I began with the assumption that you cannot improve that which you do not measure. My early career included six years as a retail sales manager in a series of department stores where I learned to read and appreciate the Statement of Operations each month to evaluate my progress against goals.
I’m a numbers guy, and like hard data, stats, and graphs. Trendlines are my friend. It’s a bit geeky, but I am what I am.
I created an IT Architecture program about ten years ago and began looking for the elusive stats to demonstrate both value to the corporation and progress over time. Activity-based metrics were easy; number of projects reviewed, number of hours engaged, number of standards established.
We put everything on our internal web site and tracked usage to show, for instance, that a pool of 300 architects, Lead Developers, and executives hit the web material 60,000 times per year. This served as sort of a value metric.
Over time I became comfortable with the fact that we could never find the direct cause and effect numbers that would prove that our architecture program was delivering more than the cost of the investment. So, we establish this response:
The value of the EA program is not expressed as a number.
Isn’t that cool. It even sounds a little deep. If only it weren't wrong.
Still, we continued to look. I rejected notions like adding up the number of times a project team employed a reusable asset rather than build from scratch for two reasons. First, rarely did anyone build from scratch and so the concept was silly. Secondly, how long do you count using existing ethernet cables as “reuse.” In other words, when do you stop counting reuse as a savings, and start saying, that’s just how we do business.

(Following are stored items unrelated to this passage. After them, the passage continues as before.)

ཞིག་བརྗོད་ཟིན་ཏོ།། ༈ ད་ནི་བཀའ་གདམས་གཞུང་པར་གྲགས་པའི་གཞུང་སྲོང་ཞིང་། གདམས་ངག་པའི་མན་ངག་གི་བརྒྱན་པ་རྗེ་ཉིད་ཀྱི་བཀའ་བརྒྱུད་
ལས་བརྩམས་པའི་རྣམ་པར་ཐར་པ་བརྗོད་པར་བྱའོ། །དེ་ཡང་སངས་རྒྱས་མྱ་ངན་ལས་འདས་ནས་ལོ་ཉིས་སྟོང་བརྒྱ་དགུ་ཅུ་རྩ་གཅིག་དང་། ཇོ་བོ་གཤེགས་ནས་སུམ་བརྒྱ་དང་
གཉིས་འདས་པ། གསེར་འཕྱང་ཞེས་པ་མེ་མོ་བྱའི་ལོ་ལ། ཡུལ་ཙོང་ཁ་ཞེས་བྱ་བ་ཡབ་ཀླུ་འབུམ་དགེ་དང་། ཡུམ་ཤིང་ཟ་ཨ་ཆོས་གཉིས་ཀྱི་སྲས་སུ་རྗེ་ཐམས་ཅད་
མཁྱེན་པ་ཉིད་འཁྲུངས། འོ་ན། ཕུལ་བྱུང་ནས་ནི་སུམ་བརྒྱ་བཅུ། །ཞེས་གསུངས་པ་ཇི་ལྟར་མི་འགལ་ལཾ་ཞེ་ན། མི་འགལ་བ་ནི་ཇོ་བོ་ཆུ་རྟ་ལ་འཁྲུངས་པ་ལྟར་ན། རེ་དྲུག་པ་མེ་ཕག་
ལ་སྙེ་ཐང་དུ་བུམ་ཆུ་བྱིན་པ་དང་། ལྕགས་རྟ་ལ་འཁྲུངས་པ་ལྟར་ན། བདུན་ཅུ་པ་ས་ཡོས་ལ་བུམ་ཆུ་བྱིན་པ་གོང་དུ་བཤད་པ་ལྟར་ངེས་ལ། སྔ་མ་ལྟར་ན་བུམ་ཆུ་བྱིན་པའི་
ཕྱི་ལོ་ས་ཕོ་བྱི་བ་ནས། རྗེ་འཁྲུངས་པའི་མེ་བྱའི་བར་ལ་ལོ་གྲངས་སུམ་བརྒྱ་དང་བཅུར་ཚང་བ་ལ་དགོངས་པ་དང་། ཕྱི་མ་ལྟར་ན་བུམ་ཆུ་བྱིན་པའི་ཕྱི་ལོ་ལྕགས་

Then I read Douglas Hubbard’s book How to Measure Anything where he makes the point that the REASON you measure something is to reduce uncertainty. That’s all - you don’t have to eliminate all ambiguity, just some. Architects (myself included) try to find the perfect measures; unassailable, unambiguous, direct cause-and-effect numbers. But what we need is any measure that simply takes us to reduced uncertainty.
With that as a definition it is easy to come up metrics, and we now post several on our executive dashboard. Everything can be measured once you free yourself from the notion that the measure must be absolute. Actually it just has to reduce uncertainty.